Kenny Okolugbo was a Commissioner in Delta State Oil Producing Areas Development Commission (DESOPADEC) from 2012 to 2015 under the government of Emmanuel Uduaghan as Governor. He is currently the Consultant on Communication and Strategy, Office of the President of the Senate, National Assembly. In this interview with CHUKWU DAVID, he speaks on national issues, including the ongoing Constitution Review, quest for States creation, defections and emergence of African Democratic Congress (ADC), among others
Hon, let’s talk about the ongoing Review of the 1999 Constitution of the Federal Republic of Nigeria (as amended). Successive sessions of the National Assembly, have gone into this exercise without making appreciable progress in giving Nigerians a resultoriented working document. What is your take on this virtually unfruitful seasonal ritual?
Well, you know, the Constitution, we can trace it from the time of when we talk of the Richards Constitution, the Clifford Constitution, the McPherson’s Constitution, the Littleton Constitution, and more recently, the 1963 Republican Constitution that abolished the monarchical rule. And even after independence in 1960, we still had the monarchical rule.
And it was only in 1963 that it was abolished by the Republican Constitution. Now, we took it to the 1979 Constitution that established federalism, because that was the first civilian regime. It has always been the military. And we experimented that up to the 1989 Constitution that never saw the light of the day until we now got to 1999, which is a constitution we’re still operating.
Now, you know, that the Constitution says, ‘we the people.’ Successive governments have said, look, this was a constitution that was foisted on us by the military.

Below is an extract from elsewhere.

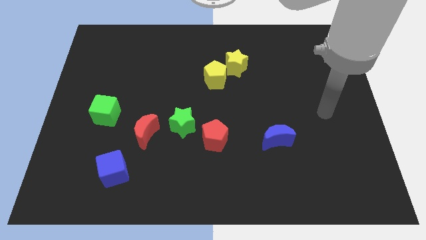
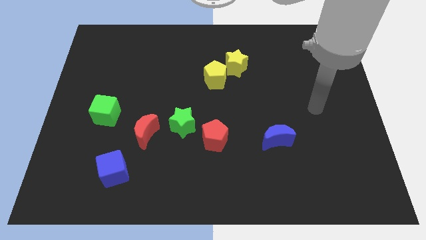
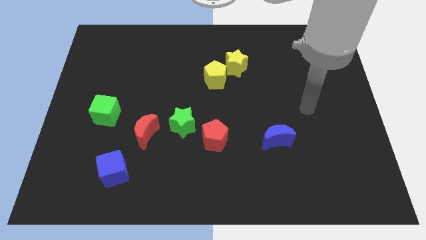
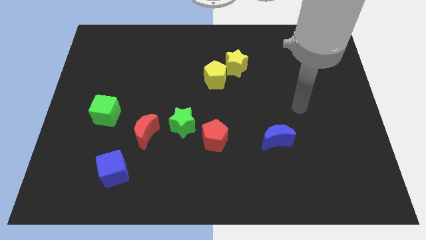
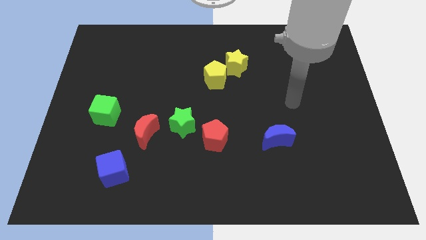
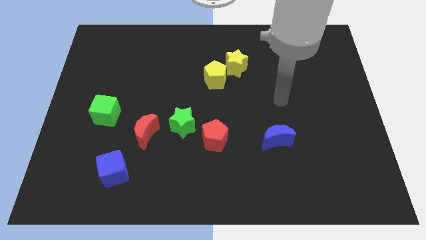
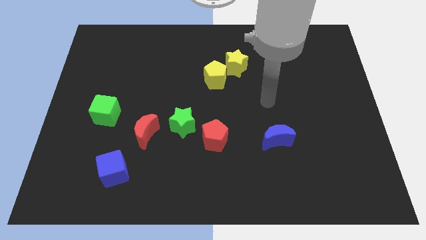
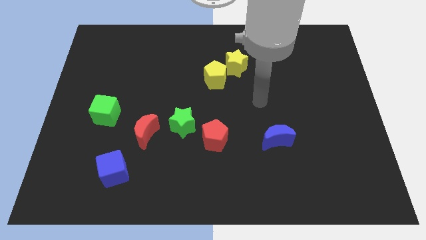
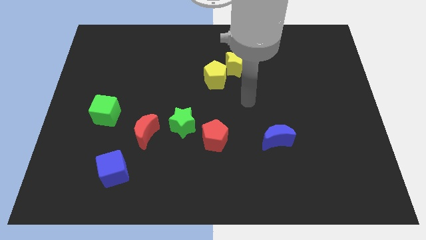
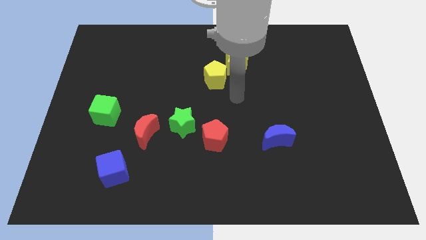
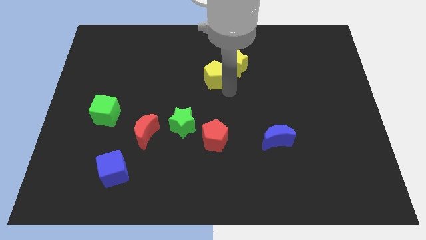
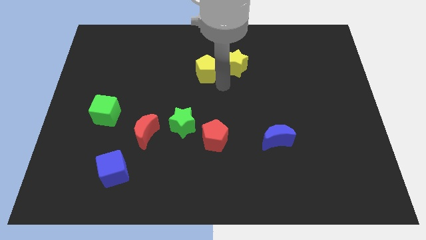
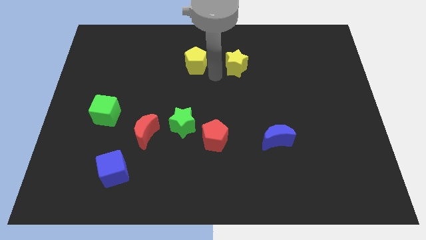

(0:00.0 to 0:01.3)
pull the yellow star apart from the yellow pentagon

It wasn’t our Constitution, so to say. And when they say, we the people, they don’t agree, because there are so many areas in the Constitution that need tinkering.
And the 10th Assembly, I must say, has gone into areas that before now have not been gone into by the other assemblies. We’re talking about, first, they’ve been able to sign electricity to go into the Concurrent List from the Exclusive List.
And we’re looking at so many areas like security now that they’re tinkering with either having to empower vigilantes to come in form of community policing, or we’re having state police because of the nature of what we have had and the peculiar situation we have had in terms of kidnapping, farmers-headers crisis, and the unrest we have had in many states, which we have said that it is only the localities or the locals that can actually tell what is happening in the area and can take charge of that.
Then we’re also having a situation where we are saying that, ‘let’s look at the South-East, for example.’ The South-East, we say, have been shortchanged. And we all have accepted it was basically canvassed by the mostly Northern members of the 10th Assembly, who said, look, let us balance the South-East.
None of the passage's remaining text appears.